Sharing a small work with a big family story. During the lockdowns of 2020, my youngest granddaughter looked at this piece and immediately named it Fire Mountain. She later claimed it. Some things never make it to the market, and that’s exactly why they matter.
I painted Fire Mountain during the long, suspended days of the Covid lockdown. It was a period when the studio became both refuge and release, and my knives were the only tools that matched the intensity of that moment.

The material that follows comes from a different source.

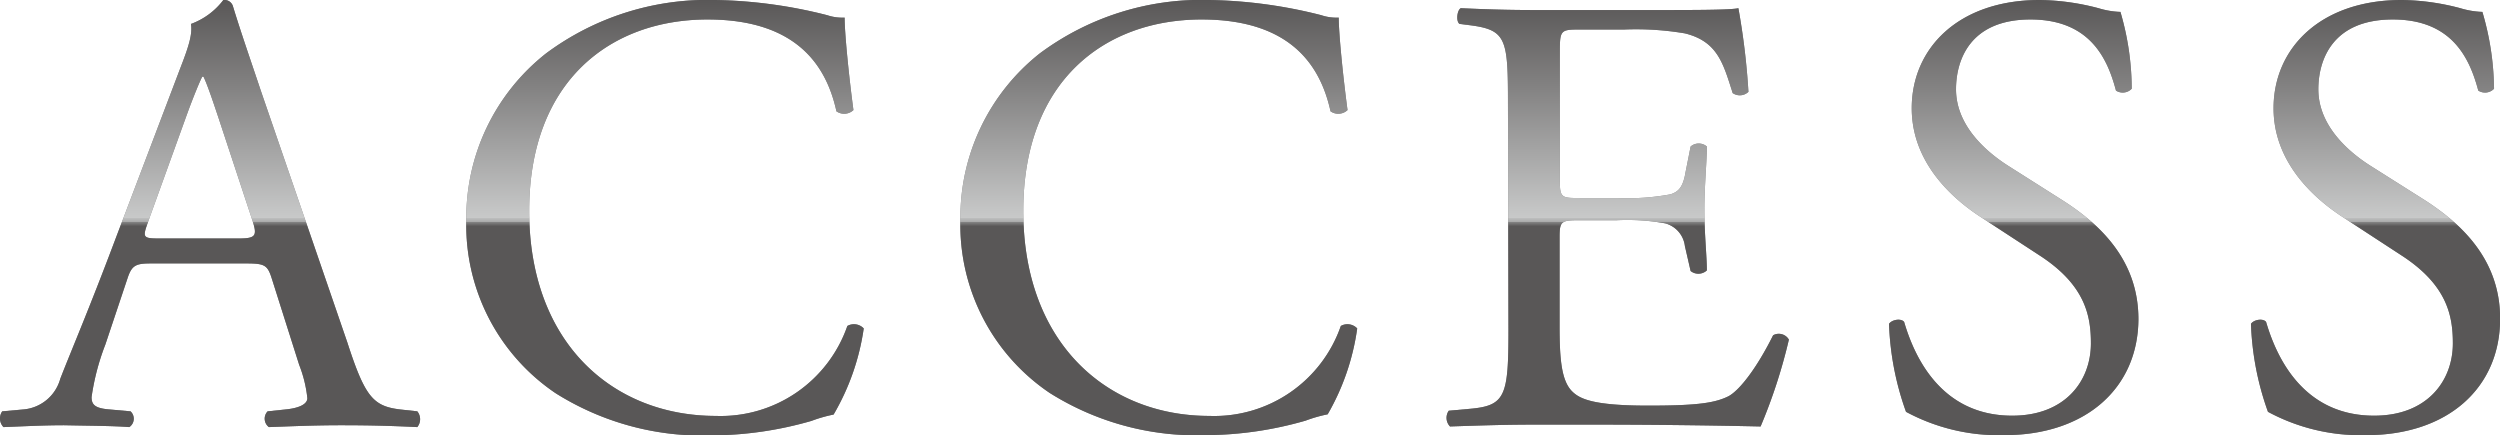 <svg xmlns="http://www.w3.org/2000/svg" xmlns:xlink="http://www.w3.org/1999/xlink" viewBox="0 0 201.48 35.07"><defs><style>.cls-1{fill:#888;}.cls-2{fill:url(#新規グラデーションスウォッチ_5);}</style><linearGradient id="新規グラデーションスウォッチ_5" x1="100.74" y1="35.07" x2="100.74" gradientUnits="userSpaceOnUse"><stop offset="0.48" stop-color="#595757"/><stop offset="0.49" stop-color="#868686"/><stop offset="0.49" stop-color="#aaa"/><stop offset="0.5" stop-color="#c0c1c1"/><stop offset="0.5" stop-color="#c8c9c9"/><stop offset="0.8" stop-color="#838282"/><stop offset="1" stop-color="#595757"/></linearGradient></defs><g id="レイヤー_2" data-name="レイヤー 2"><g id="魅力"><path class="cls-1" d="M21.92,22.5c-.35-1.12-.55-1.27-2.07-1.27H12.19c-1.26,0-1.57.15-1.92,1.22L8.49,27.77A19.21,19.21,0,0,0,7.38,32c0,.6.25.91,1.47,1l1.67.15a.81.81,0,0,1-.1,1.27c-1.32-.1-2.89-.1-5.27-.15-1.67,0-3.5.1-4.87.15a1,1,0,0,1-.1-1.27L1.86,33a3.38,3.38,0,0,0,3-2.48c.91-2.34,2.33-5.63,4.46-11.3L14.52,5.52c.71-1.82,1-2.78.87-3.59A5.75,5.75,0,0,0,18,0a.72.72,0,0,1,.76.46C19.44,2.69,20.25,5,21,7.25L28,27.62C29.42,32,30.08,32.74,32.26,33l1.37.15a1,1,0,0,1,0,1.27c-2.08-.1-3.85-.15-6.13-.15s-4.36.1-5.83.15a.85.85,0,0,1-.1-1.27L23,33c1.06-.1,1.77-.41,1.77-.91a10.24,10.24,0,0,0-.66-2.69ZM11.89,18c-.41,1.17-.36,1.22,1.06,1.22h6.24c1.47,0,1.57-.21,1.11-1.58L17.57,9.38c-.41-1.22-.87-2.59-1.17-3.2h-.1c-.15.26-.66,1.47-1.22,3Z"/><path class="cls-1" d="M44,4.31A21.83,21.83,0,0,1,57.65,0a39,39,0,0,1,9,1.22,3.87,3.87,0,0,0,1.42.2c0,1.16.3,4.36.71,7.45a1.08,1.08,0,0,1-1.37.1c-.76-3.45-3-7.4-10.39-7.4C49.24,1.57,42.65,6.49,42.65,17c0,10.64,6.74,16.52,15.05,16.52a10.81,10.81,0,0,0,10.59-7.25,1.08,1.08,0,0,1,1.32.2,19.08,19.08,0,0,1-2.43,6.94,11.41,11.41,0,0,0-1.78.51,29.56,29.56,0,0,1-8,1.17,22.21,22.21,0,0,1-12.62-3.4,16.33,16.33,0,0,1-7.2-13.93A16.84,16.84,0,0,1,44,4.31Z"/><path class="cls-1" d="M83.79,4.31A21.83,21.83,0,0,1,97.47,0a39,39,0,0,1,9,1.22,3.87,3.87,0,0,0,1.42.2c0,1.16.3,4.36.71,7.45a1.08,1.08,0,0,1-1.37.1c-.76-3.45-3-7.4-10.39-7.4C89.06,1.57,82.47,6.49,82.47,17c0,10.64,6.74,16.52,15,16.52a10.8,10.8,0,0,0,10.59-7.25,1.08,1.08,0,0,1,1.32.2A19.08,19.08,0,0,1,107,33.39a11.41,11.41,0,0,0-1.78.51,29.56,29.56,0,0,1-8,1.17,22.24,22.24,0,0,1-12.62-3.4,16.33,16.33,0,0,1-7.2-13.93A16.84,16.84,0,0,1,83.79,4.31Z"/><path class="cls-1" d="M121.53,8.41c0-5.27-.1-6-3.09-6.38l-.81-.1c-.31-.21-.2-1.12.1-1.27,2.18.1,3.9.15,6,.15h9.53c3.24,0,6.23,0,6.84-.15a57.22,57.22,0,0,1,.81,6.74,1,1,0,0,1-1.27.1c-.76-2.38-1.21-4.16-3.85-4.81a23.59,23.59,0,0,0-4.91-.31h-3.65c-1.52,0-1.52.1-1.52,2V14.54c0,1.42.15,1.42,1.67,1.42h2.94a19.07,19.07,0,0,0,4.31-.3c.6-.2,1-.51,1.21-1.78l.41-2.07a1,1,0,0,1,1.31,0c0,1.21-.2,3.19-.2,5.12s.2,3.75.2,4.86a1,1,0,0,1-1.31.05l-.46-2A2.16,2.16,0,0,0,134.2,18a17.19,17.19,0,0,0-3.9-.25h-2.94c-1.52,0-1.67.05-1.67,1.36v7.15c0,2.68.15,4.41,1,5.27.61.61,1.67,1.16,6.13,1.16,3.9,0,5.37-.2,6.49-.76.91-.5,2.28-2.28,3.59-4.91a.94.94,0,0,1,1.27.35,43.5,43.5,0,0,1-2.28,7c-4.56-.1-9.07-.15-13.58-.15h-4.56c-2.18,0-3.9.05-6.89.15a1,1,0,0,1-.1-1.27l1.67-.15c2.89-.25,3.14-1,3.14-6.34Z"/><path class="cls-1" d="M161.52,35.07a15.77,15.77,0,0,1-7.91-1.88,23.24,23.24,0,0,1-1.37-7.09c.25-.36,1-.46,1.22-.15.76,2.58,2.84,7.55,8.71,7.55,4.26,0,6.34-2.79,6.34-5.83,0-2.23-.46-4.71-4.16-7.1l-4.81-3.14c-2.54-1.67-5.47-4.56-5.47-8.71C154.07,3.9,157.82,0,164.4,0a19.41,19.41,0,0,1,4.72.66,6.85,6.85,0,0,0,1.77.3,22.1,22.1,0,0,1,.91,6.19,1,1,0,0,1-1.27.15c-.65-2.44-2-5.73-6.89-5.73s-6,3.29-6,5.63c0,2.93,2.44,5.06,4.31,6.23L166,16c3.2,2,6.34,4.92,6.34,9.73C172.31,31.27,168.1,35.07,161.52,35.07Z"/><path class="cls-1" d="M190.68,35.07a15.76,15.76,0,0,1-7.9-1.88,23.24,23.24,0,0,1-1.37-7.09c.25-.36,1-.46,1.22-.15.76,2.58,2.83,7.55,8.71,7.55,4.26,0,6.34-2.79,6.34-5.83,0-2.23-.46-4.71-4.16-7.1l-4.81-3.14c-2.54-1.67-5.48-4.56-5.48-8.71C183.23,3.9,187,0,193.57,0a19.26,19.26,0,0,1,4.71.66,6.91,6.91,0,0,0,1.78.3A22.48,22.48,0,0,1,201,7.15a1,1,0,0,1-1.27.15c-.66-2.44-2-5.73-6.89-5.73s-6,3.29-6,5.63c0,2.93,2.43,5.06,4.31,6.23l4,2.53c3.19,2,6.34,4.92,6.34,9.73C201.48,31.27,197.27,35.07,190.68,35.07Z"/><path class="cls-2" d="M21.92,22.5c-.35-1.12-.55-1.27-2.07-1.27H12.19c-1.26,0-1.57.15-1.92,1.22L8.49,27.77A19.21,19.21,0,0,0,7.38,32c0,.6.25.91,1.47,1l1.67.15a.81.81,0,0,1-.1,1.27c-1.32-.1-2.89-.1-5.27-.15-1.67,0-3.5.1-4.87.15a1,1,0,0,1-.1-1.27L1.86,33a3.38,3.38,0,0,0,3-2.48c.91-2.34,2.33-5.63,4.46-11.3L14.52,5.52c.71-1.82,1-2.78.87-3.59A5.75,5.75,0,0,0,18,0a.72.72,0,0,1,.76.46C19.44,2.69,20.25,5,21,7.25L28,27.62C29.42,32,30.08,32.74,32.26,33l1.37.15a1,1,0,0,1,0,1.27c-2.08-.1-3.85-.15-6.13-.15s-4.36.1-5.83.15a.85.85,0,0,1-.1-1.27L23,33c1.06-.1,1.77-.41,1.77-.91a10.24,10.24,0,0,0-.66-2.69ZM11.89,18c-.41,1.17-.36,1.22,1.06,1.22h6.24c1.47,0,1.57-.21,1.11-1.58L17.57,9.38c-.41-1.22-.87-2.59-1.17-3.2h-.1c-.15.26-.66,1.47-1.22,3Z"/><path class="cls-2" d="M44,4.31A21.83,21.83,0,0,1,57.65,0a39,39,0,0,1,9,1.22,3.87,3.87,0,0,0,1.42.2c0,1.16.3,4.36.71,7.45a1.08,1.08,0,0,1-1.37.1c-.76-3.45-3-7.4-10.39-7.4C49.24,1.57,42.65,6.49,42.65,17c0,10.64,6.74,16.52,15.05,16.52a10.81,10.81,0,0,0,10.59-7.25,1.08,1.08,0,0,1,1.32.2,19.08,19.08,0,0,1-2.43,6.94,11.41,11.41,0,0,0-1.78.51,29.56,29.56,0,0,1-8,1.17,22.21,22.21,0,0,1-12.62-3.4,16.33,16.33,0,0,1-7.2-13.93A16.84,16.84,0,0,1,44,4.31Z"/><path class="cls-2" d="M83.79,4.31A21.83,21.83,0,0,1,97.47,0a39,39,0,0,1,9,1.22,3.87,3.87,0,0,0,1.42.2c0,1.16.3,4.36.71,7.45a1.08,1.08,0,0,1-1.37.1c-.76-3.45-3-7.4-10.39-7.4C89.06,1.57,82.47,6.49,82.47,17c0,10.64,6.74,16.52,15,16.52a10.8,10.8,0,0,0,10.59-7.25,1.08,1.08,0,0,1,1.32.2A19.08,19.08,0,0,1,107,33.39a11.41,11.41,0,0,0-1.78.51,29.56,29.56,0,0,1-8,1.17,22.24,22.24,0,0,1-12.62-3.4,16.33,16.33,0,0,1-7.2-13.93A16.84,16.84,0,0,1,83.79,4.31Z"/><path class="cls-2" d="M121.53,8.41c0-5.27-.1-6-3.09-6.38l-.81-.1c-.31-.21-.2-1.12.1-1.27,2.18.1,3.9.15,6,.15h9.53c3.24,0,6.23,0,6.84-.15a57.22,57.22,0,0,1,.81,6.74,1,1,0,0,1-1.27.1c-.76-2.38-1.21-4.16-3.85-4.81a23.59,23.59,0,0,0-4.91-.31h-3.65c-1.52,0-1.52.1-1.52,2V14.54c0,1.42.15,1.42,1.67,1.42h2.94a19.07,19.07,0,0,0,4.31-.3c.6-.2,1-.51,1.21-1.78l.41-2.07a1,1,0,0,1,1.31,0c0,1.21-.2,3.19-.2,5.12s.2,3.75.2,4.86a1,1,0,0,1-1.31.05l-.46-2A2.16,2.16,0,0,0,134.2,18a17.19,17.19,0,0,0-3.9-.25h-2.94c-1.52,0-1.67.05-1.67,1.36v7.15c0,2.68.15,4.41,1,5.27.61.61,1.67,1.16,6.13,1.16,3.9,0,5.37-.2,6.49-.76.91-.5,2.28-2.28,3.59-4.91a.94.94,0,0,1,1.27.35,43.5,43.5,0,0,1-2.28,7c-4.56-.1-9.07-.15-13.58-.15h-4.56c-2.18,0-3.9.05-6.89.15a1,1,0,0,1-.1-1.27l1.67-.15c2.89-.25,3.14-1,3.14-6.34Z"/><path class="cls-2" d="M161.52,35.07a15.77,15.77,0,0,1-7.91-1.88,23.24,23.24,0,0,1-1.37-7.09c.25-.36,1-.46,1.22-.15.76,2.58,2.84,7.55,8.71,7.55,4.26,0,6.34-2.79,6.34-5.83,0-2.23-.46-4.71-4.16-7.1l-4.81-3.14c-2.54-1.67-5.47-4.56-5.47-8.71C154.07,3.9,157.82,0,164.4,0a19.41,19.41,0,0,1,4.72.66,6.85,6.85,0,0,0,1.77.3,22.1,22.1,0,0,1,.91,6.19,1,1,0,0,1-1.27.15c-.65-2.44-2-5.73-6.89-5.73s-6,3.29-6,5.63c0,2.93,2.44,5.06,4.31,6.23L166,16c3.2,2,6.34,4.92,6.34,9.73C172.31,31.27,168.1,35.07,161.52,35.07Z"/><path class="cls-2" d="M190.68,35.07a15.76,15.76,0,0,1-7.9-1.88,23.24,23.24,0,0,1-1.37-7.09c.25-.36,1-.46,1.22-.15.76,2.58,2.83,7.55,8.71,7.55,4.26,0,6.34-2.79,6.34-5.83,0-2.23-.46-4.71-4.16-7.1l-4.81-3.14c-2.54-1.67-5.48-4.56-5.48-8.71C183.23,3.9,187,0,193.57,0a19.26,19.26,0,0,1,4.71.66,6.91,6.91,0,0,0,1.78.3A22.48,22.48,0,0,1,201,7.15a1,1,0,0,1-1.27.15c-.66-2.44-2-5.73-6.89-5.73s-6,3.29-6,5.63c0,2.93,2.43,5.06,4.31,6.23l4,2.53c3.19,2,6.34,4.92,6.34,9.73C201.48,31.27,197.27,35.07,190.68,35.07Z"/></g></g></svg>

The colours came in hot, molten, almost geological. I wasn’t aiming for realism; I was trying to capture a landscape that felt as emotionally volatile as the world outside.
My granddaughter wandered into the studio, took one look, and simply said: “Fire Mountain.” The title stuck, and so did her claim on the painting. She saw something in it that was entirely her own, and that private spark became part of the work’s story.
Like many of my miniatures, this piece speaks to how memory shapes imagination. It sits quietly in the background of my practice, reminding me that art often finds its true home in unexpected ways.

Titre : La Montagne de Feu

Description ; Huile sur Masonite 11 po x 4 po

« Fire Mountain » est une huile sur panneau de fibres de bois de 28 x 10 cm. Dès ma troisième collection, je me suis orientée vers l'interprétation de paysages et l'utilisation de couleurs vibrantes. Les riches nuances d'orange, de rouge et de violet donnaient vie et structure à la chaîne de montagnes.